Define your critical queries
List the 10 most important queries for your business. If they include JOINs, aggregations or complex filters, SQL is your path.
Estimate your volume at 3 years
Calculate how many records you will have in 3 years. Fewer than 50 million rows per table: PostgreSQL is more than enough. More than 500 million with massive writes: evaluate NoSQL for those specific tables.
Assess your team
If your team is proficient in SQL, don't switch to NoSQL for the sake of trends. A team's productivity with their familiar tool outweighs any theoretical advantage of a new technology.
Test with real data
Before committing, load a subset of your real data into the candidate database and run your critical queries. Generic benchmarks don't reflect your use case.
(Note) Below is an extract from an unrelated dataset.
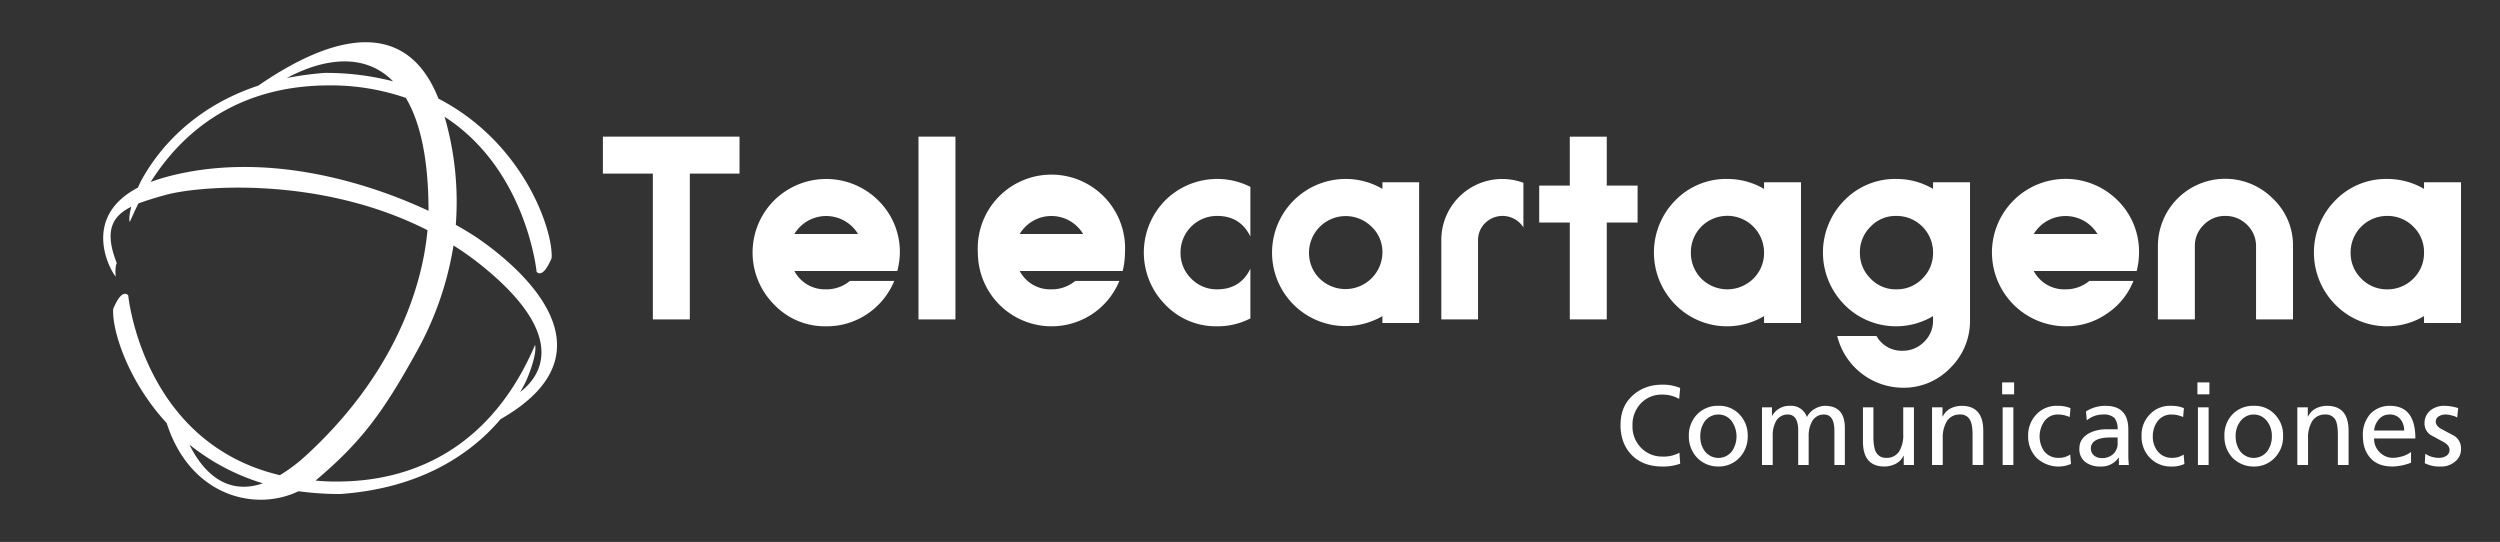 <svg xmlns="http://www.w3.org/2000/svg" id="Capa_1" data-name="Capa 1" viewBox="0 0 980.7 212.6"><rect x="0" y="0" width="980.7" height="212.6" fill="#333333" stroke="none"/><defs><style>.cls-1,.cls-2{fill:#fff;}.cls-1{fill-rule:evenodd;}</style></defs><path class="cls-1" d="M187.5,93.5c-2.4-1.6-5.3-3.4-8.7-5.3a119.6,119.6,0,0,0-4.4-42.4c32.2,20.8,36.1,60.8,36.1,60.8s2.3,3.3,5.9-5.4c.6-11.1-11.1-45.3-44.4-62.5-15.7-39.8-54.9-15.9-70.7-5.1-24.8,8.2-39,24.3-46.2,37.8l-1,2.2c-22.7,11.9-10.6,32.9-8.7,34.9-.4-3.8.4-5.3.4-5.3-5.1-12.9-1.6-18.5,5.7-22.1-.6,2.4-1,4.7-.6,6,1.1-2.5,2.2-4.9,3.4-7.3,3-1.1,6.5-2.2,10.2-3.2,12.5-3.7,60.8-7.9,103.2,13.7-2.4,26-15.6,59.1-47.9,88.6a63.3,63.3,0,0,1-10,7.5c-53.9-12.7-59.5-70.5-59.5-70.5s-2.3-3.4-5.9,5.3c-.5,8,5.4,27.8,21,44.8,9.1,28.4,34.4,35,51.7,26.7a121.6,121.6,0,0,0,16.3,1.1c31.3-2.2,51.1-15.4,63-29.4C243.7,137.4,202.7,104,187.5,93.5ZM154.2,31.9a105.4,105.4,0,0,0-26.9-3.3,132.2,132.2,0,0,0-14.8,2C128.1,22.3,143.6,21.1,154.2,31.9ZM65.3,69.4c-2.2.6-4.3,1.3-6.2,2,16.3-25.7,40.7-37.8,69.6-37.9a90.3,90.3,0,0,1,30.5,4.9c5.5,9.2,8.8,23.3,8.9,43.4v.9C142.9,70.9,103.1,59.2,65.3,69.4Zm9,105a85.7,85.7,0,0,0,28.8,15.2C86.8,195.2,78,181.9,74.3,174.4ZM204,153.8c.6-.9,1.1-1.9,1.6-2.8,2.1-4,5.1-12.5,4.3-15.7-15.6,36.6-43.6,53.6-77.8,53.6a76.9,76.9,0,0,1-8.5-.4h.2c17.7-14.9,26.3-26.5,39-49.4a126.9,126.9,0,0,0,15.1-42.8,114.6,114.6,0,0,1,11.7,8.4C224.6,133.2,210.6,148.9,204,153.8Z"></path><path class="cls-2" d="M290.1,53.6V68.1H270.6v57.2H256.1V68.1H236.5V53.6Z"></path><path class="cls-2" d="M350.8,110.2a28.7,28.7,0,0,1-10.5,12.9,28.3,28.3,0,0,1-16.2,4.9,27.5,27.5,0,0,1-20.4-8.5,28.9,28.9,0,0,1,0-40.9,29,29,0,0,1,40.8,0A28.3,28.3,0,0,1,353,99.1a31.2,31.2,0,0,1-1,7.2H311.6a13.6,13.6,0,0,0,12.5,7.2,14.3,14.3,0,0,0,9.3-3.3ZM336.6,91.8a14.6,14.6,0,0,0-25,0Z"></path><path class="cls-2" d="M374.8,125.3H360.3V53.6h14.5Z"></path><path class="cls-2" d="M439.1,110.2a28.7,28.7,0,0,1-10.5,12.9,28.9,28.9,0,0,1-45-24,28.9,28.9,0,1,1,57.7,0,30.8,30.8,0,0,1-.9,7.2H400a13.5,13.5,0,0,0,12.5,7.2,14.3,14.3,0,0,0,9.3-3.3ZM424.9,91.8a14.5,14.5,0,0,0-24.9,0Z"></path><path class="cls-2" d="M490.5,105.4v19.5a28,28,0,0,1-13,3.1,27.5,27.5,0,0,1-20.4-8.5,29.1,29.1,0,0,1,0-40.9,28.9,28.9,0,0,1,33.4-5.3V92.8c-2.6-5.4-7-8.1-13-8.1a14.3,14.3,0,0,0-14.4,14.4,14,14,0,0,0,4.2,10.2,13.9,13.9,0,0,0,10.2,4.2C483.5,113.5,487.9,110.8,490.5,105.4Z"></path><path class="cls-2" d="M556.7,126.7H542.3V124A28.8,28.8,0,0,1,499,99.1a28.9,28.9,0,0,1,28.8-28.9,28.4,28.4,0,0,1,14.5,3.9V71.5h14.4ZM542.3,99.1A13.6,13.6,0,0,0,538,88.9a14.4,14.4,0,0,0-24.5,10.2,14,14,0,0,0,4.2,10.2,14.5,14.5,0,0,0,24.6-10.2Z"></path><path class="cls-2" d="M597.6,71.7V89.2a9.7,9.7,0,0,0-15-1.7,9.3,9.3,0,0,0-2.8,6.7v31.1H565.4V94.2a23.9,23.9,0,0,1,32.2-22.5Z"></path><path class="cls-2" d="M603.8,87.3V72.8h12V53.6h14.5V72.8h12.1V87.3H630.3v38H615.8v-38Z"></path><path class="cls-2" d="M706.5,126.7H692V124a28.4,28.4,0,0,1-34.8-4.5,29.1,29.1,0,0,1,0-40.9,27.8,27.8,0,0,1,20.4-8.4A28.3,28.3,0,0,1,692,74.1V71.5h14.5ZM692,99.1a14.4,14.4,0,0,0-24.6-10.2,14.2,14.2,0,0,0-4.1,10.2,14.4,14.4,0,0,0,4.1,10.2,14.5,14.5,0,0,0,20.4,0A14,14,0,0,0,692,99.1Z"></path><path class="cls-2" d="M772.8,71.5v54.1a25.8,25.8,0,0,1-7.7,18.7,25.3,25.3,0,0,1-18.7,7.8,26.7,26.7,0,0,1-25.7-20.3h15.4a11.3,11.3,0,0,0,10.2,5.8,11.7,11.7,0,0,0,8.5-3.5,11.5,11.5,0,0,0,3.5-8.5V124a28.4,28.4,0,0,1-34.8-4.5,29.1,29.1,0,0,1,0-40.9,27.8,27.8,0,0,1,20.4-8.4,28.1,28.1,0,0,1,14.4,3.9V71.5ZM743.9,84.7a13.5,13.5,0,0,0-10.1,4.2,13.9,13.9,0,0,0-4.2,10.2,14,14,0,0,0,4.2,10.2,13.5,13.5,0,0,0,10.1,4.2,13.9,13.9,0,0,0,10.2-4.2,14,14,0,0,0,4.2-10.2,14.3,14.3,0,0,0-14.4-14.4Z"></path><path class="cls-2" d="M836.9,110.2a27.5,27.5,0,0,1-10.5,12.9,27.8,27.8,0,0,1-16.1,4.9,29,29,0,0,1-28.9-28.9,28.9,28.9,0,0,1,49.3-20.5,28.2,28.2,0,0,1,8.4,20.5,30.8,30.8,0,0,1-.9,7.2H797.8a13.5,13.5,0,0,0,12.5,7.2,14.3,14.3,0,0,0,9.3-3.3ZM822.8,91.8a14.6,14.6,0,0,0-25,0Z"></path><path class="cls-2" d="M861,125.3H846.5V96.6A26.4,26.4,0,0,1,891.7,78a25.2,25.2,0,0,1,7.8,18.6v28.7H885V96.6a11.6,11.6,0,0,0-3.5-8.4,11.9,11.9,0,0,0-8.6-3.5,11.5,11.5,0,0,0-8.4,3.5,11.3,11.3,0,0,0-3.5,8.4Z"></path><path class="cls-2" d="M965.4,126.7H950.9V124a28.4,28.4,0,0,1-34.8-4.5,29.1,29.1,0,0,1,0-40.9,27.7,27.7,0,0,1,20.3-8.4,28.4,28.4,0,0,1,14.5,3.9V71.5h14.5ZM950.9,99.1a13.9,13.9,0,0,0-4.2-10.2,14.2,14.2,0,0,0-10.2-4.2,14.3,14.3,0,0,0-14.4,14.4,14,14,0,0,0,4.2,10.2,13.9,13.9,0,0,0,10.2,4.2,14.2,14.2,0,0,0,10.2-4.2A14,14,0,0,0,950.9,99.1Z"></path><path class="cls-2" d="M659.1,152.2l-.4,4.3a12.8,12.8,0,0,0-6.4-1.7,11.2,11.2,0,0,0-8.6,3.4,12.1,12.1,0,0,0-3.3,8.7,11.8,11.8,0,0,0,3.4,8.8,11.4,11.4,0,0,0,8.3,3.4,13,13,0,0,0,6.7-1.5l.3,4.3A19.6,19.6,0,0,1,652,183c-4.9,0-8.9-1.5-11.8-4.4s-4.5-6.9-4.5-11.8,1.5-8.6,4.6-11.5,7-4.4,11.8-4.4A17.5,17.5,0,0,1,659.1,152.2Z"></path><path class="cls-2" d="M662.5,171.1a11.8,11.8,0,0,1,3.2-8.5,11.1,11.1,0,0,1,8.4-3.4,10.7,10.7,0,0,1,8.3,3.4,11.8,11.8,0,0,1,3.2,8.5,12,12,0,0,1-3.2,8.4,11.1,11.1,0,0,1-8.3,3.5,11.3,11.3,0,0,1-8.4-3.5A12,12,0,0,1,662.5,171.1Zm4.5,0a9.3,9.3,0,0,0,1.7,5.8,6.7,6.7,0,0,0,10.8,0,10.4,10.4,0,0,0-.2-11.7,6.4,6.4,0,0,0-5.2-2.6,6.7,6.7,0,0,0-5.3,2.6A9.8,9.8,0,0,0,667,171.1Z"></path><path class="cls-2" d="M691.2,182.4V159.8h3.9v3.3h.1a7.7,7.7,0,0,1,7.2-3.9,6.4,6.4,0,0,1,6.4,4.4,8,8,0,0,1,3.4-3.4,8.2,8.2,0,0,1,3.7-1q7.8,0,7.8,8.7v14.5h-4.1V168.9c0-4.2-1.4-6.3-4.1-6.3a5.2,5.2,0,0,0-4.6,2.6,11.6,11.6,0,0,0-1.4,5.8v11.4h-4.1V168.9c0-4.2-1.4-6.3-4.1-6.3a5.2,5.2,0,0,0-4.6,2.6,11.6,11.6,0,0,0-1.3,5.8v11.4Z"></path><path class="cls-2" d="M750.8,159.8v22.6h-4v-3.6h-.1a6.9,6.9,0,0,1-3,3.1,9.7,9.7,0,0,1-4.5,1.1c-5.6,0-8.4-3.3-8.4-9.8V159.8h4.1v11.7c0,2.8.4,4.8,1.1,6a4.2,4.2,0,0,0,3.7,2.1,5.8,5.8,0,0,0,5.3-2.5,12.2,12.2,0,0,0,1.6-6.8V159.8Z"></path><path class="cls-2" d="M757.9,182.4V159.8H762v3.6h.1a7.2,7.2,0,0,1,2.9-3.1,10,10,0,0,1,4.5-1.1c5.7,0,8.5,3.3,8.5,9.8v13.4h-4.2V170.7c0-2.8-.3-4.8-1.1-6.1a4,4,0,0,0-3.7-2,5.9,5.9,0,0,0-5.2,2.5,12.3,12.3,0,0,0-1.7,6.9v10.4Z"></path><path class="cls-2" d="M790.1,150v4.7h-4.7V150Zm-4.5,32.4V159.8h4.2v22.6Z"></path><path class="cls-2" d="M812.2,160.1l-.3,3.5a11.3,11.3,0,0,0-4.6-1,6.4,6.4,0,0,0-5.3,2.6,10.4,10.4,0,0,0-.2,11.7,6.9,6.9,0,0,0,5.8,2.7,7.7,7.7,0,0,0,4.5-1.3l.3,3.7a12.5,12.5,0,0,1-13.6-2.5,12,12,0,0,1-3.2-8.4,11.8,11.8,0,0,1,3.2-8.5,10.8,10.8,0,0,1,8.4-3.4A12.8,12.8,0,0,1,812.2,160.1Z"></path><path class="cls-2" d="M818.6,164.9l-.3-3.5a13.9,13.9,0,0,1,7.5-2.2q4.8,0,6.9,2.4c1.5,1.5,2.2,3.9,2.2,7V178a38.7,38.7,0,0,0,.2,4.4h-3.9v-2.9h-.1a8.1,8.1,0,0,1-7,3.5,9.5,9.5,0,0,1-6-1.7,6.3,6.3,0,0,1-2.4-5.4c0-2.6,1.3-4.5,3.7-5.9a14.6,14.6,0,0,1,6.9-1.6h4.4a7,7,0,0,0-1.2-4.4,5.9,5.9,0,0,0-4.4-1.4A9.9,9.9,0,0,0,818.6,164.9Zm12.1,8.7v-2h-2.6c-5.3,0-7.9,1.5-7.9,4.4a3.5,3.5,0,0,0,1.4,2.8,4.7,4.7,0,0,0,2.8.9,6.4,6.4,0,0,0,4.7-1.7A5.7,5.7,0,0,0,830.7,173.6Z"></path><path class="cls-2" d="M856.7,160.1l-.3,3.5a11.3,11.3,0,0,0-4.6-1,6.7,6.7,0,0,0-5.4,2.6,9.9,9.9,0,0,0-1.9,5.9,9.3,9.3,0,0,0,1.8,5.8,6.9,6.9,0,0,0,5.8,2.7,7.7,7.7,0,0,0,4.5-1.3l.3,3.7a11.4,11.4,0,0,1-5.3,1,11.1,11.1,0,0,1-8.3-3.5,11.6,11.6,0,0,1-3.2-8.4,11.4,11.4,0,0,1,3.2-8.5,10.7,10.7,0,0,1,8.3-3.4A12.9,12.9,0,0,1,856.7,160.1Z"></path><path class="cls-2" d="M866.7,150v4.7H862V150Zm-4.5,32.4V159.8h4.2v22.6Z"></path><path class="cls-2" d="M872.6,171.1a11.7,11.7,0,0,1,3.1-8.5,11.1,11.1,0,0,1,8.4-3.4,10.7,10.7,0,0,1,8.3,3.4,11.4,11.4,0,0,1,3.2,8.5,11.6,11.6,0,0,1-3.2,8.4,10.9,10.9,0,0,1-8.3,3.5,11.5,11.5,0,0,1-8.4-3.5A12,12,0,0,1,872.6,171.1Zm4.4,0a9.9,9.9,0,0,0,1.7,5.8,6.7,6.7,0,0,0,10.8,0,9.9,9.9,0,0,0,1.7-5.8,9.3,9.3,0,0,0-1.9-5.9,6.5,6.5,0,0,0-10.4,0A9.3,9.3,0,0,0,877,171.1Z"></path><path class="cls-2" d="M901.2,182.4V159.8h4.1v3.6h.1a7.2,7.2,0,0,1,2.9-3.1,10,10,0,0,1,4.5-1.1c5.7,0,8.5,3.3,8.5,9.8v13.4h-4.2V170.7c0-2.8-.3-4.8-1-6.1a4.3,4.3,0,0,0-3.8-2,5.9,5.9,0,0,0-5.2,2.5,12.3,12.3,0,0,0-1.7,6.9v10.4Z"></path><path class="cls-2" d="M945.8,177.3v4.2a21.1,21.1,0,0,1-7.2,1.5c-3.9,0-6.8-1.1-8.8-3.4s-2.9-5.1-2.9-8.9a12.2,12.2,0,0,1,2.9-8.3,10.3,10.3,0,0,1,7.7-3.2c6.7,0,10,4.3,10,12.8H931.3a7.3,7.3,0,0,0,2.3,5.5,7.2,7.2,0,0,0,5.2,2.1,14,14,0,0,0,4.2-.8A10,10,0,0,0,945.8,177.3Zm-14.5-8.4h11.8a6.8,6.8,0,0,0-1.5-4.5,5.2,5.2,0,0,0-4.2-1.8,5.4,5.4,0,0,0-4.4,2.1A8,8,0,0,0,931.3,168.9Z"></path><path class="cls-2" d="M951.2,181.7l.2-3.7a9.4,9.4,0,0,0,5.3,1.6,5.1,5.1,0,0,0,2.8-.7,2.7,2.7,0,0,0,1.4-2.5c0-1.1-.8-2.2-2.5-3.1l-4.8-2.6a5.3,5.3,0,0,1-2.5-4.5,6.4,6.4,0,0,1,2.3-5.2,8.5,8.5,0,0,1,5.7-1.8,18.3,18.3,0,0,1,5.2.9l-.4,3.7a5.4,5.4,0,0,0-2.1-.8,7.9,7.9,0,0,0-2.3-.4,5.1,5.1,0,0,0-2.8.7,2.4,2.4,0,0,0-1.2,2.1c0,1.2.9,2.3,2.6,3.1l4.7,2.5a5.7,5.7,0,0,1,2.6,4.9,6.1,6.1,0,0,1-2.5,5.3,8.1,8.1,0,0,1-5.5,1.8A12.4,12.4,0,0,1,951.2,181.7Z"></path></svg>

FAQ: Databases for Businesses
SQL or NoSQL for my SME?
SQL (specifically PostgreSQL) is the right choice for 80% of SMEs. Your customer, order, billing and inventory data is relational by nature. NoSQL only makes sense if you handle massive semi-structured data such as IoT logs or catalogues with highly variable attributes.
PostgreSQL or MySQL?
PostgreSQL is technically superior in almost everything: native JSON support, full-text search, GIS extensions, advanced data types and stricter SQL standard compliance. MySQL is viable if you already have it in production and it works, but for new projects we recommend PostgreSQL without hesitation.
Can I use both at the same time?
Yes, and it is a common practice in modern architectures. PostgreSQL as the main database for relational data and transactions, combined with Redis for cache and sessions, is a proven architecture that offers the best of both worlds without the complexity of MongoDB.
How much does it cost to migrate a database?
Between €600 and €3,000 depending on schema complexity, data volume and existing integrations. The key is a gradual migration plan: first duplicate data in the new database, then migrate reads and finally writes. Never do a 'big bang' overnight.
Conclusion
The database is the foundation of all your software. A bad choice drags on for years in the form of poor performance, inconsistent data and rising maintenance costs. For 80% of businesses, PostgreSQL is the safest option: it combines SQL power with JSON flexibility, scales to hundreds of millions of records and has no licence costs. If your case requires NoSQL, use it for what it truly excels at (massive semi-structured data) and keep SQL for the core of your business. What matters is not following trends, but choosing with data and a solid design from day one.